Copy the entries below verbatim, omitting any pictures they contain.

══ DATA ══

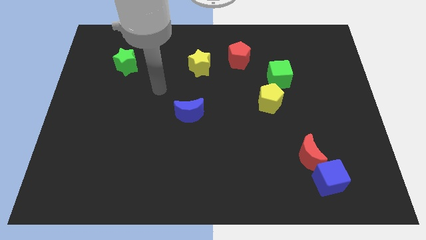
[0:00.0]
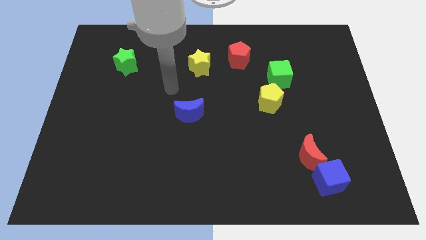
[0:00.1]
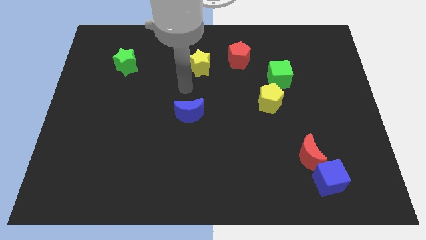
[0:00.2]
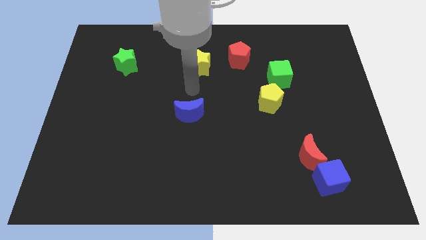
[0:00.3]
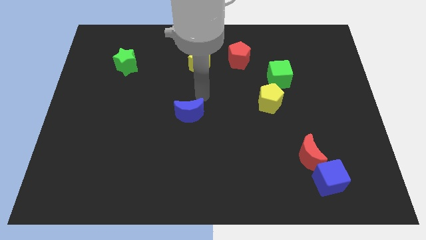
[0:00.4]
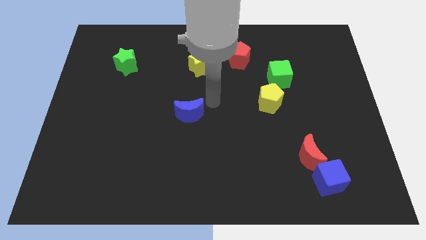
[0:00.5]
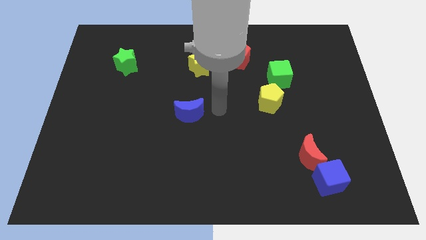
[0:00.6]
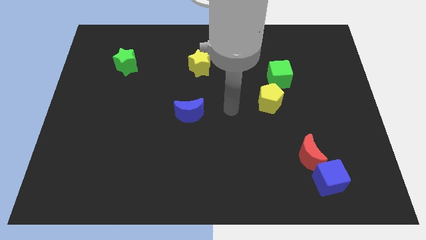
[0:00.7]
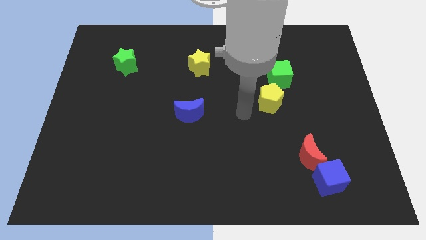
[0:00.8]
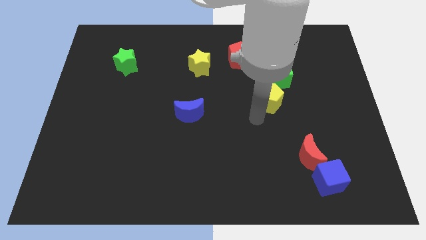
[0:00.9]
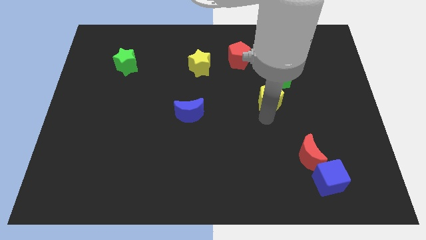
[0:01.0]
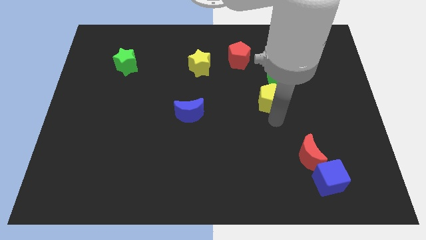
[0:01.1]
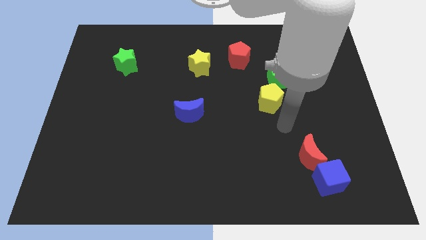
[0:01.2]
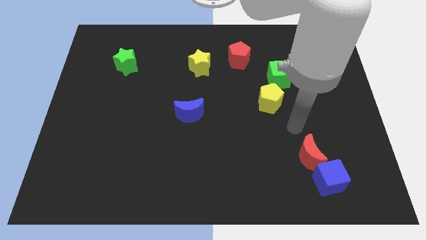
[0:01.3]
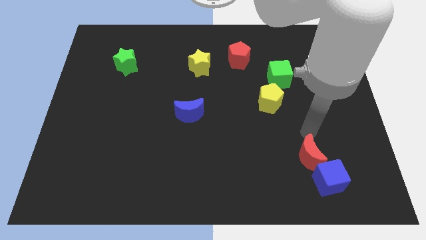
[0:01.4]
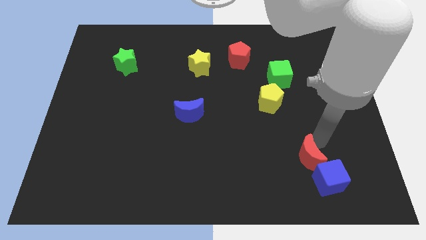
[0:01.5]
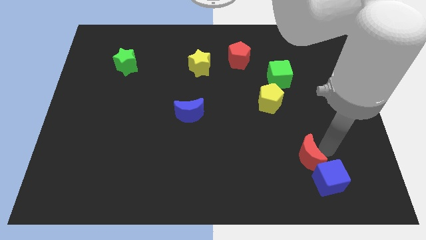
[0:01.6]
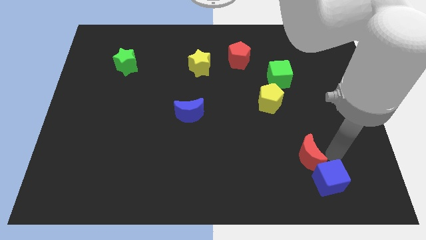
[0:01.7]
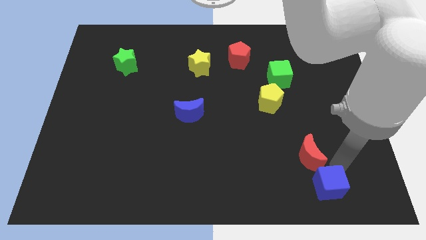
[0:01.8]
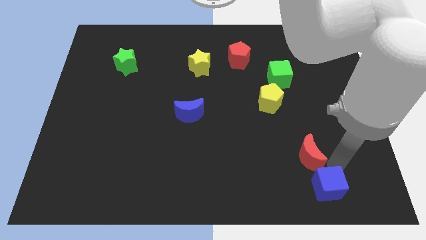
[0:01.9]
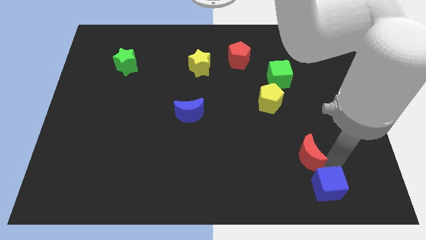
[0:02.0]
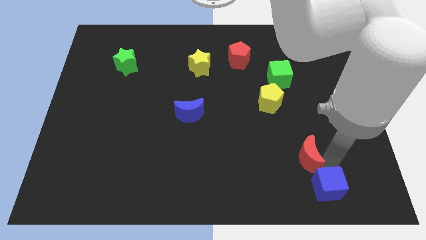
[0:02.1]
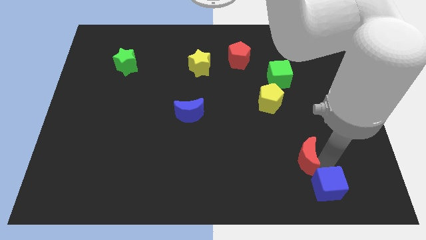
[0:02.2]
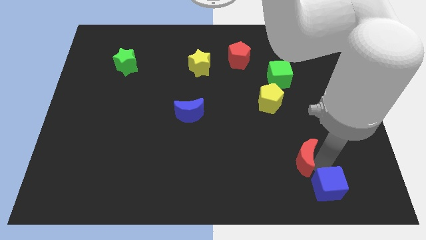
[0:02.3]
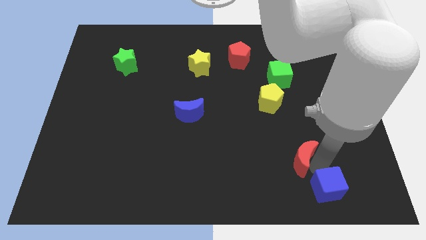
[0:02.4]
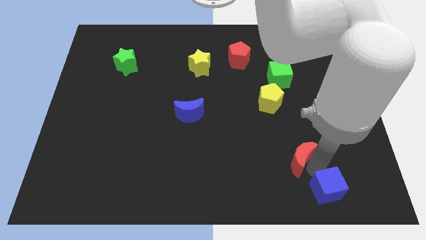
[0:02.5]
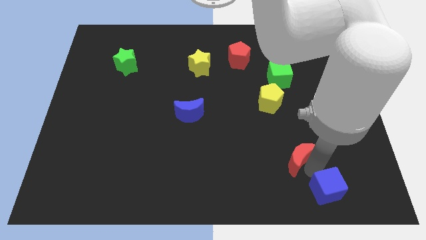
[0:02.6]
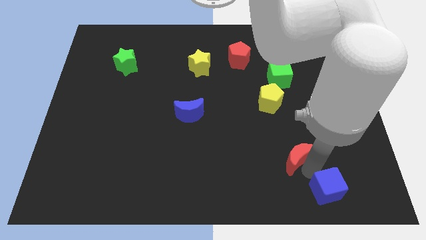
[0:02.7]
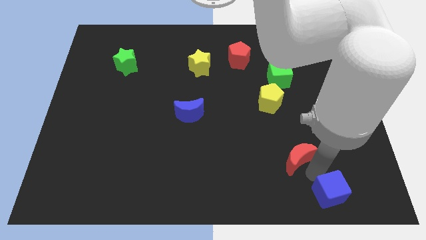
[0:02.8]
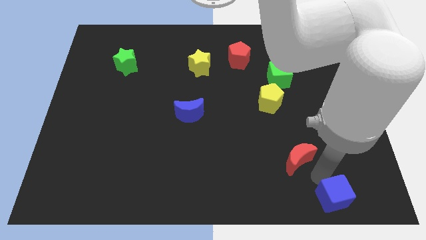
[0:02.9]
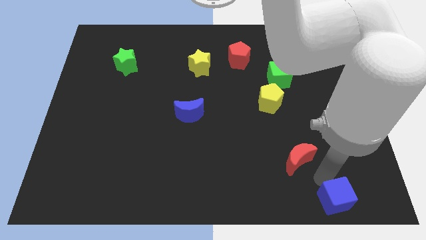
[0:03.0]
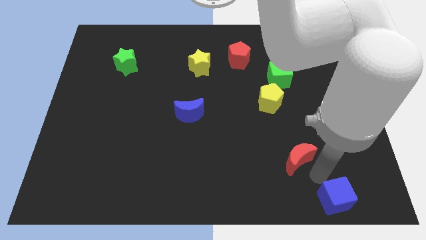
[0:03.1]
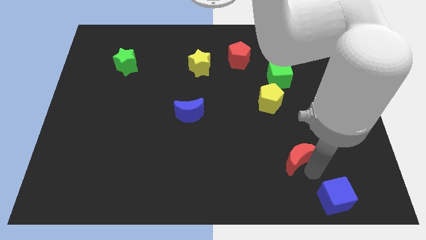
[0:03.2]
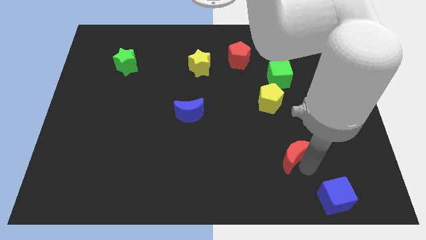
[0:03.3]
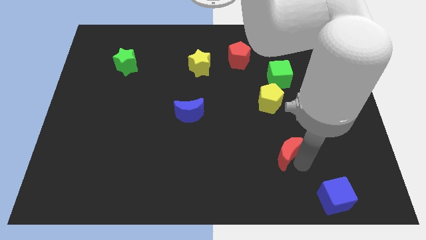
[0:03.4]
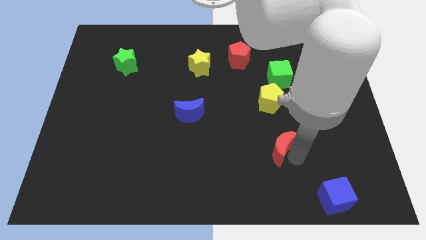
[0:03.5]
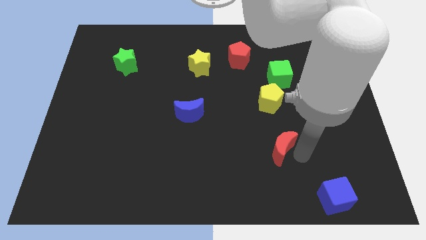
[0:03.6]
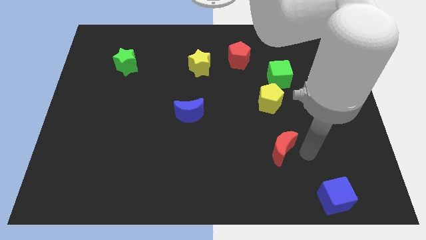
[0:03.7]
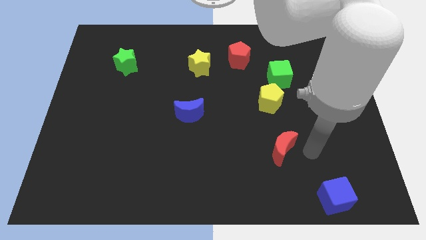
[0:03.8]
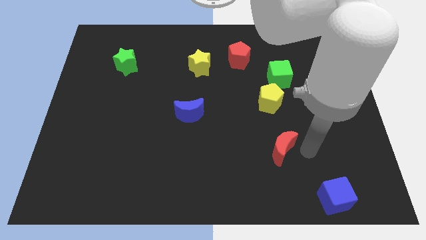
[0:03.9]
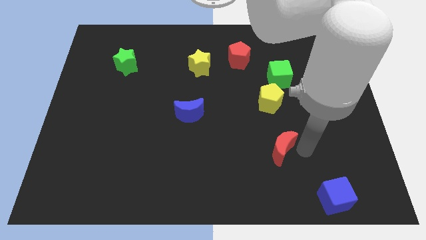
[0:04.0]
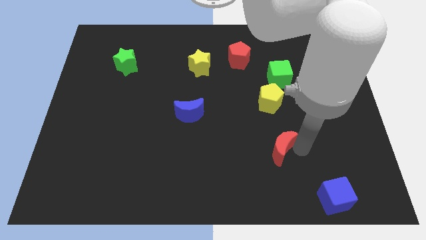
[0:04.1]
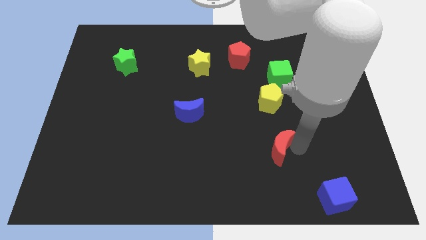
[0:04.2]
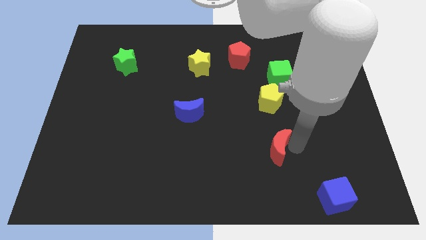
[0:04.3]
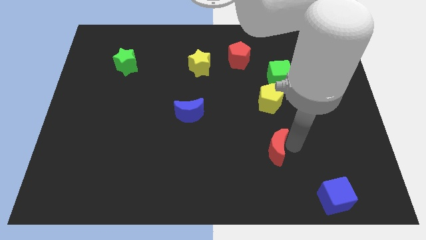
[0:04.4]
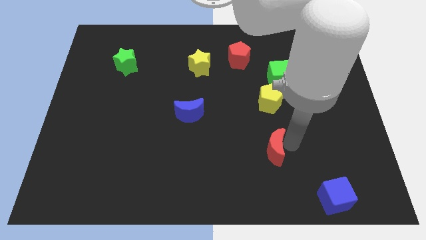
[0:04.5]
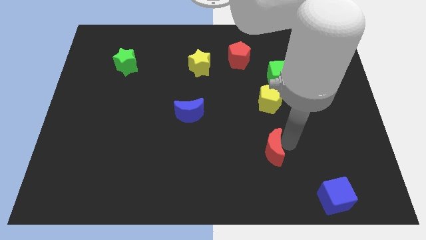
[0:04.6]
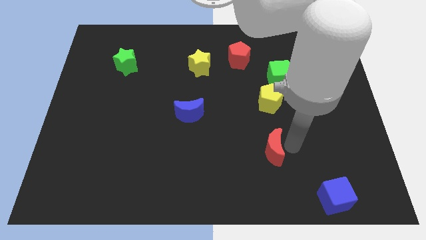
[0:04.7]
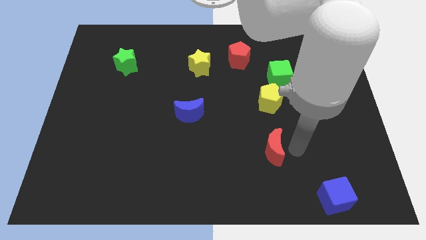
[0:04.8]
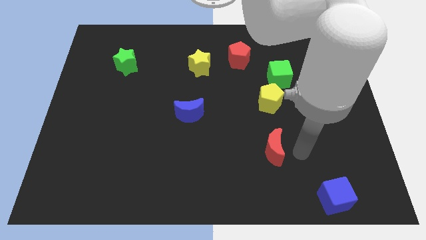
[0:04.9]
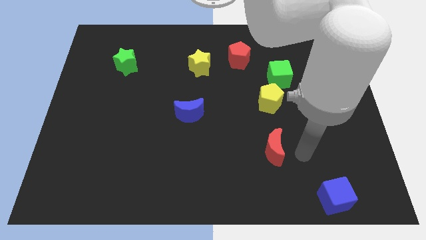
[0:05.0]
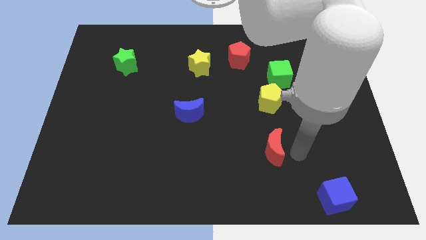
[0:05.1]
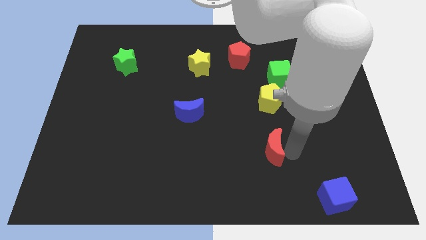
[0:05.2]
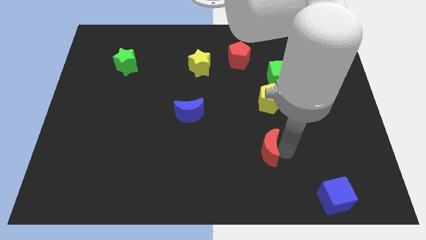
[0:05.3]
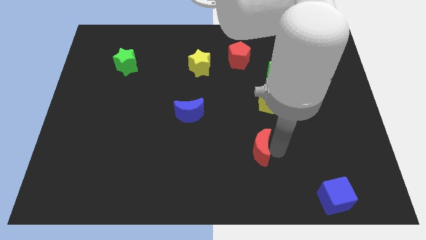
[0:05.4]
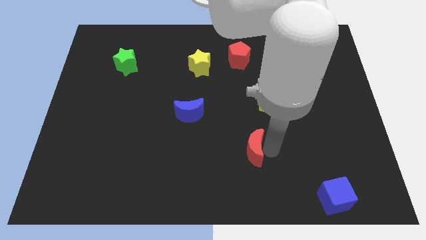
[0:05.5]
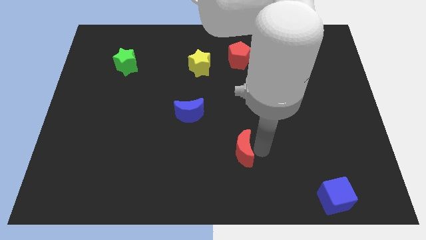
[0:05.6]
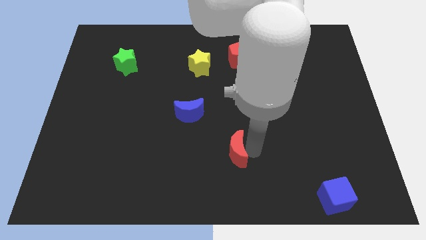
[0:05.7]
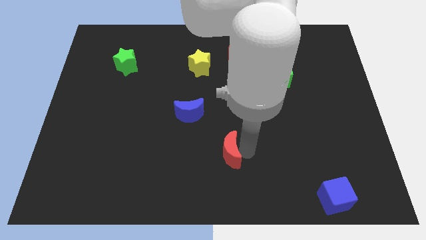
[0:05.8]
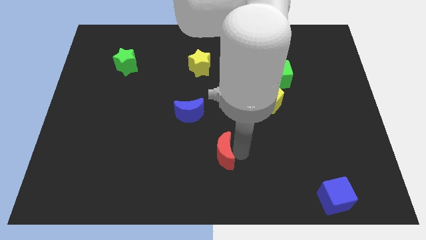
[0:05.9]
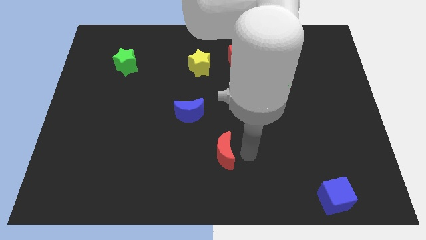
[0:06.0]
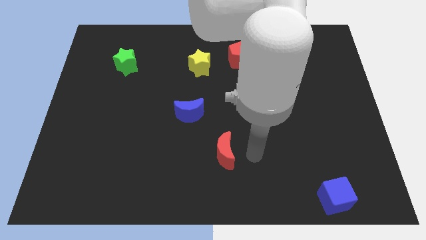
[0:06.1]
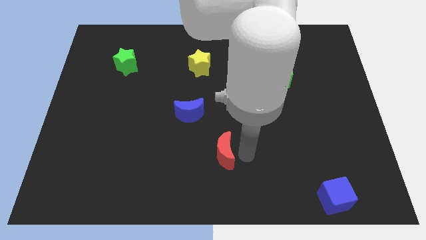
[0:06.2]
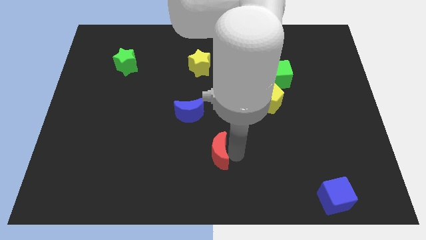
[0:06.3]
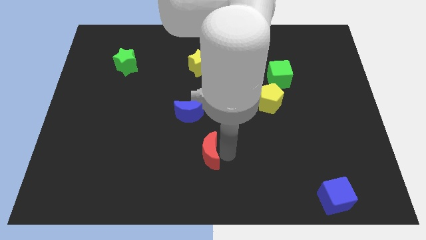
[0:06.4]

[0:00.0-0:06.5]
move the red moon left

═══

### EXERCISE SOLUTION
[0:00.0]
[0:00.1]
[0:00.2]
[0:00.3]
[0:00.4]
[0:00.5]
[0:00.6]
[0:00.7]
[0:00.8]
[0:00.9]
[0:01.0]
[0:01.1]
[0:01.2]
[0:01.3]
[0:01.4]
[0:01.5]
[0:01.6]
[0:01.7]
[0:01.8]
[0:01.9]
[0:02.0]
[0:02.1]
[0:02.2]
[0:02.3]
[0:02.4]
[0:02.5]
[0:02.6]
[0:02.7]
[0:02.8]
[0:02.9]
[0:03.0]
[0:03.1]
[0:03.2]
[0:03.3]
[0:03.4]
[0:03.5]
[0:03.6]
[0:03.7]
[0:03.8]
[0:03.9]
[0:04.0]
[0:04.1]
[0:04.2]
[0:04.3]
[0:04.4]
[0:04.5]
[0:04.6]
[0:04.7]
[0:04.8]
[0:04.9]
[0:05.0]
[0:05.1]
[0:05.2]
[0:05.3]
[0:05.4]
[0:05.5]
[0:05.6]
[0:05.7]
[0:05.8]
[0:05.9]
[0:06.0]
[0:06.1]
[0:06.2]
[0:06.3]
[0:06.4]

[0:00.0-0:06.5]
move the red moon left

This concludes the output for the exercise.